New Gasconade River Bridge reconnects Route 66 in region

The Missouri Department of Transportation on Friday opened the new, $4 million Gasconade River Bridge near Hazelgreen, thus reconnecting “eight or nine miles” of Route 66 interrupted when the old bridge was closed in late 2014.

The old and still-closed Gasconade River Bridge can be seen in the upper right.

Meanwhile, the president of the Route 66 Association of Missouri expressed optimism he and other members of the Gasconade River Bridge Guardians can land the grants necessary to buy the old bridge and turn possession of it over to Laclede County. Without someone to take over ownership of the bridge, it’s slated to be demolished sometime next year.

KY3 in Springfield reported that about 50 classic-car owners attended the new bridge’s opening Friday and drove across it.

“This is a new beginning for Route 66,” announced Rich Dinkela, the President of the Route 66 Association of Missouri and well-known social media promoter. […]
It marked the first time in five years Route 66 travelers do not have to get off the Mother Road onto Interstate 44 where the higher speeds might keep them from noticing sights such as the historical bridge.
“They were missing about eight or nine miles of Route 66 in the Ozarks that is just purely amazing,” Dinkela said. “Now that they’re off the interstate they can slow down and take the time to see the old bridge which they wouldn’t have noticed before had they not known it as a destination.” […]
“We have a team right now working on that,” Dinkela added in saying that the Guardians group was proceeding full-speed ahead in trying to save the old bridge. “We’re going after about a half-dozen grants, big grants, to try and get the money. So I’m very optimistic that we’re going to get this old bridge saved.”

A MoDOT official said rehabbing the old bridge would have cost about the same as building a new one, but the old bridge probably wouldn’t have handled the weight loads of large trucks and possibly buses. That section of Route 66 remains an emergency bypass in case an accident or disaster closes nearby Interstate 44.

Here’s the full segment on KY3. It’s quite good.

A 107-photo gallery from the bridge-opening event may be seen here.

State officials closed the bridge in December 2014 after an inspection revealed grave deterioration in the 90-year-old structure. An engineering firm earlier this year estimated it would cost $2.5 million to shore up the bridge for pedestrian and bicycle use.

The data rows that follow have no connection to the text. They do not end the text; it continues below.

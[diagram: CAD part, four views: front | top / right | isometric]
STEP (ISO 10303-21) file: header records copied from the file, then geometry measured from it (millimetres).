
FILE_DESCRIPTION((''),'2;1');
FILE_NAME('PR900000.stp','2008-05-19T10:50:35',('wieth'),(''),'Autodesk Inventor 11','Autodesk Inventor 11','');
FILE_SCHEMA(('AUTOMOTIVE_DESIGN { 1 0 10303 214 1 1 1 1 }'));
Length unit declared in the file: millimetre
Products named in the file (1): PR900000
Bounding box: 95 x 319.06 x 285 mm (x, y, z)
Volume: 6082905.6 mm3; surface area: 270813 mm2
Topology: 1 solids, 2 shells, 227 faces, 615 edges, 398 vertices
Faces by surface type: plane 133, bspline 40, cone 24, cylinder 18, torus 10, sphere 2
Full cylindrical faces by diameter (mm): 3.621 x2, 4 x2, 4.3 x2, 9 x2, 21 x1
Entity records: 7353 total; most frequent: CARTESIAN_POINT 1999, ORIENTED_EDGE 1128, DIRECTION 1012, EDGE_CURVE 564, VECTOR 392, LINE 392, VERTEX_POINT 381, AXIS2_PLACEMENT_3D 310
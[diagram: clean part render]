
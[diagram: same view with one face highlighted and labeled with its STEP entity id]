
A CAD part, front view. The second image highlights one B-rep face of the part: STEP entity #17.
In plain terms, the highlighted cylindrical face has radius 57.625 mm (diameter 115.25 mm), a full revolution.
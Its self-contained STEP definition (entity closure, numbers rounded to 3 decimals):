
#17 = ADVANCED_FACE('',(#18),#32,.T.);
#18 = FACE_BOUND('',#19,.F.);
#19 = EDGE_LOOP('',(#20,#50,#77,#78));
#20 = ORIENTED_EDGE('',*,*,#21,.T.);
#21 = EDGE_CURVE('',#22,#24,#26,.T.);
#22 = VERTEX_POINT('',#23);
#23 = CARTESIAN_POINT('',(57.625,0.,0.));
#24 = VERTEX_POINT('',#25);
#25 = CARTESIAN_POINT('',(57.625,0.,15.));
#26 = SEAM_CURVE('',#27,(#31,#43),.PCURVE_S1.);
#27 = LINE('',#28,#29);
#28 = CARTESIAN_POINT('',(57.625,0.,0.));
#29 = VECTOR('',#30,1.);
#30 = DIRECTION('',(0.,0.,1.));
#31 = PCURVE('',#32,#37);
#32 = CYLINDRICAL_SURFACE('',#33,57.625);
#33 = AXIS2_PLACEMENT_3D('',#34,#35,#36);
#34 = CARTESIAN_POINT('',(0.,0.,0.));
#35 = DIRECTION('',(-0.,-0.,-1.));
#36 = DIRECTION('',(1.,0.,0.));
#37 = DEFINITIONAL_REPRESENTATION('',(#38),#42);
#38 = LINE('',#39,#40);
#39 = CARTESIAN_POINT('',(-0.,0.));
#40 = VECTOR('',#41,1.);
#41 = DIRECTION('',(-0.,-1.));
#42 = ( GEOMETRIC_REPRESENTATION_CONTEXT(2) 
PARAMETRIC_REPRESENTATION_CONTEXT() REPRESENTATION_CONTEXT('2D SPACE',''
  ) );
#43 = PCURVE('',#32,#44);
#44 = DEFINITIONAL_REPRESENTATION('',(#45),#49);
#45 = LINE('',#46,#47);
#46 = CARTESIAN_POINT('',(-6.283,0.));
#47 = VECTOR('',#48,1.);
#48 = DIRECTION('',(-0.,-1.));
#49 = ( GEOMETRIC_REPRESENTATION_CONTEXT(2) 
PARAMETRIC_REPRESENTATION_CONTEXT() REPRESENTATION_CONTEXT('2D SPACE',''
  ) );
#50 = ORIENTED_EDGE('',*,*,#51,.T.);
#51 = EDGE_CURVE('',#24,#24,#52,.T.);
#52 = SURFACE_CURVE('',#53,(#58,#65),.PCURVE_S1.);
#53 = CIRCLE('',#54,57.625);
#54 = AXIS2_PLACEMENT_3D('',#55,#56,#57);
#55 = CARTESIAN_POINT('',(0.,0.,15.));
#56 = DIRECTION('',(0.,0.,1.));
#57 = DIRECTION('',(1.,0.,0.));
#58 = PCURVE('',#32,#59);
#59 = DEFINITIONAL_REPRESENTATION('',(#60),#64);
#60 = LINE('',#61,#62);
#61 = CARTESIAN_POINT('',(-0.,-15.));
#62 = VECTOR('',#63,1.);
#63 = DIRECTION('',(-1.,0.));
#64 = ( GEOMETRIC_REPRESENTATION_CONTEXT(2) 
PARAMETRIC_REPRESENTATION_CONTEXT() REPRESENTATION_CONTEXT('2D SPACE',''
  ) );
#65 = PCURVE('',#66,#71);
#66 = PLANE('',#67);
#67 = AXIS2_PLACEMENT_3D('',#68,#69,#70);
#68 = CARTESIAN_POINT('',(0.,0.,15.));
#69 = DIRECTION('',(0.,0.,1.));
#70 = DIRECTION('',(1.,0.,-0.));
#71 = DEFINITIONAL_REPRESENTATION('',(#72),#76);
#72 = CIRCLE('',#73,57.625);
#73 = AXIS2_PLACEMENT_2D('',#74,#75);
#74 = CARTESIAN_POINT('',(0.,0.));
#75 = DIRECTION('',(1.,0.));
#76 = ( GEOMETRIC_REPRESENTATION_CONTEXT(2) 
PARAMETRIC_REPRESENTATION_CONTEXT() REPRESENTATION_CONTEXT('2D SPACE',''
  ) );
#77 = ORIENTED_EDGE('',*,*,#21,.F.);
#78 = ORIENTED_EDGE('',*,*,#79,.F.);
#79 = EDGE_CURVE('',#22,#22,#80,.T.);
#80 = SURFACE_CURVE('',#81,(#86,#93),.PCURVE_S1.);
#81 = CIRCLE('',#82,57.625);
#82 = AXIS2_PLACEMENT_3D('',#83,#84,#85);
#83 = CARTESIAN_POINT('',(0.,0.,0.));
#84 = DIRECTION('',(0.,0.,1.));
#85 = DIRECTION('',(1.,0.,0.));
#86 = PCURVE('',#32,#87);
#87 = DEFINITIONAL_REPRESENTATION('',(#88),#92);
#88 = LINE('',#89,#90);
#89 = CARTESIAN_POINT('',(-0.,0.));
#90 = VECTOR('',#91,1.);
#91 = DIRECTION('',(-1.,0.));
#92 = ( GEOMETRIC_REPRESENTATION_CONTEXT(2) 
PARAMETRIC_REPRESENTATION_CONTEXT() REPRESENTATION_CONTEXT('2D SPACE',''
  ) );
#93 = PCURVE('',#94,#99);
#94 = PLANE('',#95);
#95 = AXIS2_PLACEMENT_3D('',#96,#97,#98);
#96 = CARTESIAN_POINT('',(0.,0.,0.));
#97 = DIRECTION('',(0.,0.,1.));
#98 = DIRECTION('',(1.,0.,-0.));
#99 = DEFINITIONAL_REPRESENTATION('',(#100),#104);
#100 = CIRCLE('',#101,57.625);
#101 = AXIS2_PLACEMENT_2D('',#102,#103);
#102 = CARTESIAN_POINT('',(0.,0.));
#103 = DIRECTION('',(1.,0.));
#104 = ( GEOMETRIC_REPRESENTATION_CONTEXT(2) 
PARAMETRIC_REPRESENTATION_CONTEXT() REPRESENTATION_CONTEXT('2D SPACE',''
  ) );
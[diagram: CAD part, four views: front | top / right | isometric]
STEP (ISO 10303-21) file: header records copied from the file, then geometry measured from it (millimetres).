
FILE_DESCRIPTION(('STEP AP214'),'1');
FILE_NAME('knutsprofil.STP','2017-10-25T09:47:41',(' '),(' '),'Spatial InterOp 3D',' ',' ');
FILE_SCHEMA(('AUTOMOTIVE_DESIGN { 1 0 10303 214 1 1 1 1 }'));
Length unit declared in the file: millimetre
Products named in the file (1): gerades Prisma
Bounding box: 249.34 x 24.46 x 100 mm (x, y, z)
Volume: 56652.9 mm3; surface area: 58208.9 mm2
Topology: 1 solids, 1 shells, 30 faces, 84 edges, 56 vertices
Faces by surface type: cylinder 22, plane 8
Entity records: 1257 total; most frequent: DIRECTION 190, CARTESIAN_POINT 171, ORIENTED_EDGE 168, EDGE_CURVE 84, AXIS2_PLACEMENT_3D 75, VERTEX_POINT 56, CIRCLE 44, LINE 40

(Image of the opening of the new Gasconade River Bridge near Hazelgreen, Missouri, with the old bridge at right by Larry Beck via Facebook)

5 thoughts on “New Gasconade River Bridge reconnects Route 66 in region

  1. As a matter of interest, when I tried to look at the “107-photo gallery from the bridge-opening event” I saw this:

    “451: Unavailable due to legal reasons We recognize you are attempting to access this website from a country belonging to the European Economic Area (EEA) including the EU which enforces the General Data Protection Regulation (GDPR) and therefore access cannot be granted at this time. For any issues, contact”

    Just one more example of the non-connected world? Apart from the ever-increasing number of foreign items loaded with import tariffs by the current president of Usa, what else is restricted that is freely available within the European Economic Area? And what sort of photographic data in the gallery needs protecting? Or am I being protected from what it contains?

    By the way, what road is the one in use next to the new bridge? Is it Interstate 44? From the light amount of traffic it is carrying – with the old Gasconade River Bridge long closed – was the $4 million expenditure to reconnect “eight or nine miles” of Route 66 to the national road network good use of taxpayers’ money? Since money seems to be the be-all of 21st century living, has anyone worked out the value to Missouri busineses of Route 66? When will the $4 million be recovered?

  2. Several months after the entry into force of the GDPR, some sites remain deliberately inaccessible to IP addresses from the European Union. The difficulty (and the cost) is related to updating the software that administers the sites.

  3. Many thanks, Jean Paul. I looked forward to seeing the photos. Whose job is it to update the software? Someone in Usa or in the EU?

    1. That issue has to be addressed by the website in the USA. Route 66 News took pains a year ago to make sure the website was compliant with GDPR.

      There are plenty of Europeans who think GDPR is clumsy and overkill, but that’s another issue I won’t address here.

  4. Thanks, Ron, for the further info. Some Europeans do see the GDPR as overkill. Here in the UK, companies cite data protection regulations when they do not want to hand over information they are legally obliged to pass on because it may embarrass them. I’ve had that from a UK utility firm.